Female BBC editor who quit over equal pay, required to be silent as male host interviews on subject

8 Jan, 2018 15:39 / Updated 7 years ago

Carrie Gracie was forced to sit in silence as the highest paid male presenter on BBC’s Today program interviewed another woman about Gracie’s own resignation over pay, because of BBC impartiality rules.

BBC’s China editor, Carrie Gracie, announced her resignation on Sunday in protest over the gender pay gap at the taxpayer-funded organization. She said the BBC was “breaking inequality laws” in an open letter published on her website.

“I am not asking for more money,” Gracie said.

“I believe I am very well paid already – especially as someone working for a publicly funded organisation. I simply want the BBC to abide by the law and value men and women equally.”

In response to the pay-gap debacle, the BBC has reportedly banned any reporters who have tweeted about the Gracie issue from presenting news stories on the subject.

It is understood that senior BBC editors met on Monday. Management have reportedly advised staff in the meeting to enforce the BBC’s impartiality existing guidelines in relation to the story.

"The message was 'Anyone in any capacity who has tweeted about it, then those people cannot do equal pay stories’,” a source told BuzzFeed.

In an odd turn of events, Monday’s Today program on BBC Radio 4 was co-hosted by Gracie and John Humphrys – the national broadcaster’s highest paid news presenter.

Due to impartiality rules, as Humphry interviewed Mariella Frostrup about equal pay and Gracie’s own resignation, the now-former China editor was made to sit in silence, disallowed from joining the discussion.

The Twitterverse was quick to point out the irony of the situation.

In July last year, the BBC was forced by government request to reveal the salaries of all employees earning more than £150,000 ($203,000) a year.

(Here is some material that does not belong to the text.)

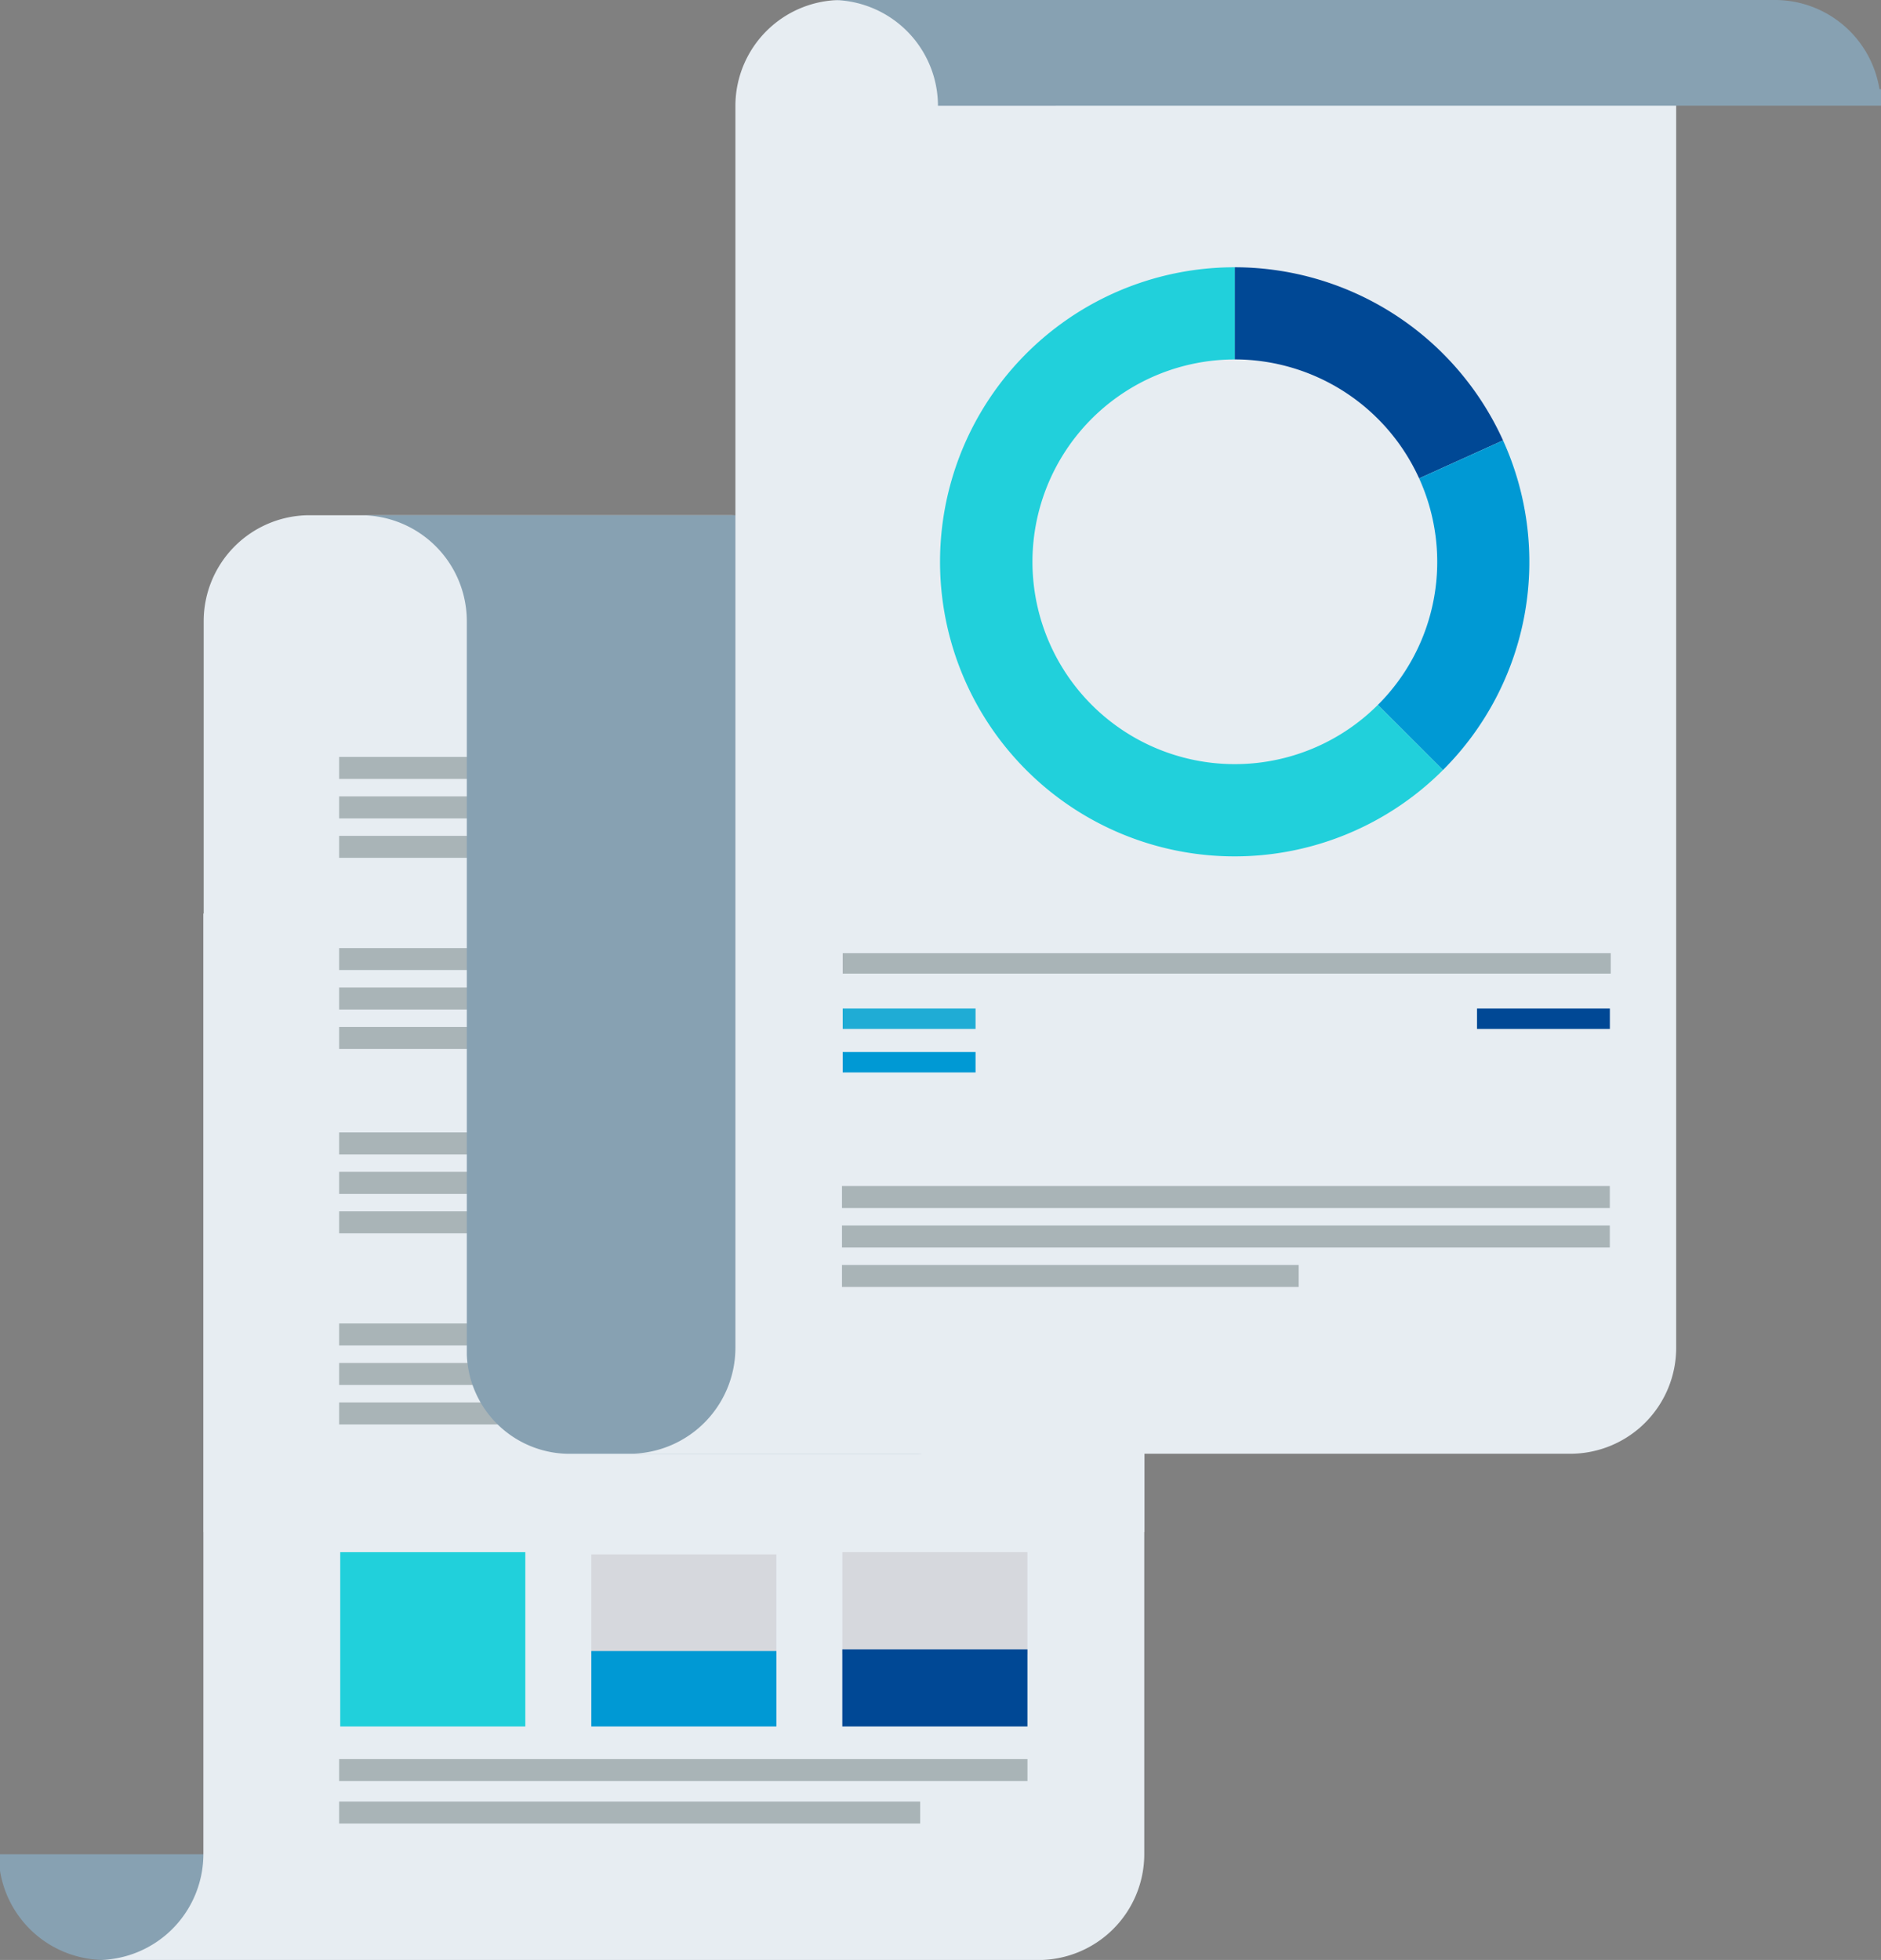 <svg xmlns="http://www.w3.org/2000/svg" xmlns:xlink="http://www.w3.org/1999/xlink" width="76.777" height="80" viewBox="0 0 76.777 80"><rect x="0" y="0" width="76.777" height="80" fill="#808080" stroke="none"/><defs><clipPath id="a"><rect width="76.777" height="80" fill="none"/></clipPath><clipPath id="c"><rect width="9.487" height="0.899" fill="none"/></clipPath><clipPath id="d"><rect width="5.245" height="0.899" fill="none"/></clipPath><clipPath id="f"><rect width="5.245" height="0.898" fill="none"/></clipPath><clipPath id="g"><rect width="5.245" height="4.119" fill="none"/></clipPath><clipPath id="i"><rect width="9.487" height="0.898" fill="none"/></clipPath><clipPath id="k"><rect width="28.096" height="0.898" fill="none"/></clipPath><clipPath id="l"><rect width="23.717" height="0.898" fill="none"/></clipPath><clipPath id="m"><rect width="7.555" height="4.083" fill="none"/></clipPath><clipPath id="n"><rect width="7.556" height="4.173" fill="none"/></clipPath><clipPath id="o"><rect width="31.349" height="0.833" fill="none"/></clipPath><clipPath id="p"><rect width="31.341" height="0.899" fill="none"/></clipPath><clipPath id="r"><rect width="18.642" height="0.898" fill="none"/></clipPath></defs><g clip-path="url(#a)"><g clip-path="url(#a)"><path d="M38.436,113.528H0l0,.674a4.327,4.327,0,0,0,4.255,3.641H42.749a4.326,4.326,0,0,1-4.313-4.314" transform="translate(0 -37.843)" fill="#87a1b2"/><path d="M10.295,55.934v38.4a4.326,4.326,0,0,1-4.313,4.314h38.4A4.325,4.325,0,0,0,48.7,94.331v-38.4Z" transform="translate(-1.994 -18.645)" fill="#e7edf2"/><path d="M38.224,43.767V35.858a4.326,4.326,0,0,0-4.313-4.313H16.784a4.326,4.326,0,0,0-4.313,4.313V73.049h38.4V43.767Z" transform="translate(-4.157 -10.515)" fill="#e7edf2"/><g transform="translate(13.842 55.631)" opacity="0.3"><g clip-path="url(#c)"><rect width="9.487" height="0.899" transform="translate(0 0)" fill="#192e2d"/></g></g><g transform="translate(13.842 30.896)" opacity="0.3"><g clip-path="url(#d)"><rect width="5.245" height="0.898" transform="translate(0 0)" fill="#192e2d"/></g></g><g transform="translate(13.842 32.507)" opacity="0.3"><g clip-path="url(#d)"><rect width="5.245" height="0.899" transform="translate(0 0)" fill="#192e2d"/></g></g><g transform="translate(13.842 34.118)" opacity="0.3"><g clip-path="url(#f)"><rect width="5.245" height="0.897" transform="translate(-0.001)" fill="#192e2d"/></g></g><g transform="translate(13.842 38.696)" opacity="0.3"><g clip-path="url(#g)"><rect width="5.245" height="0.898" transform="translate(0 0.001)" fill="#192e2d"/><rect width="5.245" height="0.898" transform="translate(0 1.611)" fill="#192e2d"/><rect width="5.245" height="0.897" transform="translate(0 3.222)" fill="#192e2d"/></g></g><g transform="translate(13.842 46.222)" opacity="0.3"><g clip-path="url(#g)"><rect width="5.245" height="0.898" transform="translate(0 0)" fill="#192e2d"/><rect width="5.245" height="0.899" transform="translate(-0.001 1.61)" fill="#192e2d"/><rect width="5.245" height="0.897" transform="translate(-0.001 3.222)" fill="#192e2d"/></g></g><g transform="translate(13.842 54.021)" opacity="0.3"><g clip-path="url(#i)"><rect width="9.487" height="0.898" transform="translate(0 0)" fill="#192e2d"/></g></g><g transform="translate(13.842 57.243)" opacity="0.3"><g clip-path="url(#i)"><rect width="9.487" height="0.898" transform="translate(0 0)" fill="#192e2d"/></g></g><g transform="translate(13.842 71.801)" opacity="0.3"><g clip-path="url(#k)"><rect width="28.097" height="0.898" transform="translate(0 0)" fill="#192e2d"/></g></g><g transform="translate(13.842 73.533)" opacity="0.3"><g clip-path="url(#l)"><rect width="23.717" height="0.897" transform="translate(0 0.001)" fill="#192e2d"/></g></g><g transform="translate(24.135 63.446)" opacity="0.4"><g clip-path="url(#m)"><rect width="7.555" height="4.083" transform="translate(0 0)" fill="#bcb9bf"/></g></g><g transform="translate(34.381 63.355)" opacity="0.4"><g clip-path="url(#n)"><rect width="7.556" height="4.173" transform="translate(0 0)" fill="#bcb9bf"/></g></g><rect width="7.555" height="7.115" transform="translate(13.887 63.355)" fill="#21d0db"/><rect width="7.555" height="3.079" transform="translate(24.135 67.391)" fill="#0099d4"/><rect width="7.556" height="3.147" transform="translate(34.381 67.323)" fill="#004895"/><path d="M49.139,47.407V65.541a4.326,4.326,0,0,1-4.313,4.313H30.737a4.2,4.2,0,0,1-4.313-4.044V35.859a4.326,4.326,0,0,0-4.314-4.313h22.8a4.323,4.323,0,0,1,4.255,3.64h.06v.673Z" transform="translate(-7.37 -10.515)" fill="#87a1b2"/><path d="M42.869,55.025V4.313A4.326,4.326,0,0,1,47.182,0H58.754a4.326,4.326,0,0,1,4.315,4.314V2.762h18.2V55.025a4.326,4.326,0,0,1-4.314,4.313h-38.4a4.326,4.326,0,0,0,4.314-4.313" transform="translate(-12.852 0)" fill="#e7edf2"/><path d="M93.763,4.314V3.64H93.7A4.323,4.323,0,0,0,89.449,0H50.958a4.327,4.327,0,0,1,4.313,4.315Z" transform="translate(-16.986)" fill="#87a1b2"/><rect width="5.422" height="0.833" transform="translate(34.397 41.165)" fill="#1facd5"/><g transform="translate(34.397 38.907)" opacity="0.3"><g clip-path="url(#o)"><rect width="31.349" height="0.833" transform="translate(0 0)" fill="#192e2d"/></g></g><rect width="5.422" height="0.833" transform="translate(60.288 41.165)" fill="#004895"/><rect width="5.422" height="0.833" transform="translate(34.397 42.941)" fill="#0099d4"/><path d="M83.125,24.981l3.425-1.55A12.036,12.036,0,0,0,75.6,16.364v3.761a8.274,8.274,0,0,1,7.525,4.857" transform="translate(-25.2 -5.455)" fill="#004895"/><path d="M89.47,26.965l-3.425,1.55a8.239,8.239,0,0,1-1.684,9.245l2.657,2.657A11.992,11.992,0,0,0,89.47,26.965" transform="translate(-28.12 -8.988)" fill="#0099d4"/><path d="M75.429,34.227a8.259,8.259,0,1,1-5.841-14.1V16.364a12.023,12.023,0,1,0,8.5,20.52Z" transform="translate(-19.189 -5.455)" fill="#21d0db"/><g transform="translate(34.367 48.411)" opacity="0.3"><g clip-path="url(#p)"><rect width="31.341" height="0.899" transform="translate(0 0)" fill="#192e2d"/></g></g><g transform="translate(34.367 50.022)" opacity="0.3"><g clip-path="url(#p)"><rect width="31.341" height="0.899" transform="translate(0 0)" fill="#192e2d"/></g></g><g transform="translate(34.367 51.632)" opacity="0.3"><g clip-path="url(#r)"><rect width="18.642" height="0.898" transform="translate(0 0)" fill="#192e2d"/></g></g></g></g></svg>

Humphrys earns between £600,000 and £649,000 a year. Gracie famously revealed her salary on air during the MPs’ expenses scandal: a measly £92,000 a year when compared to Humphry’s swelling coffers.

A BBC spokesperson had defended the BBC’s pay structure, stating that the national broadcaster performs “considerably better than many and are well below the national average.”

“Alongside that, we have already conducted an independent judge led audit of pay for rank and file staff which showed ‘no systemic discrimination against women,’” the spokesperson said.

“A separate report for on air staff will be published in the not too distant future.”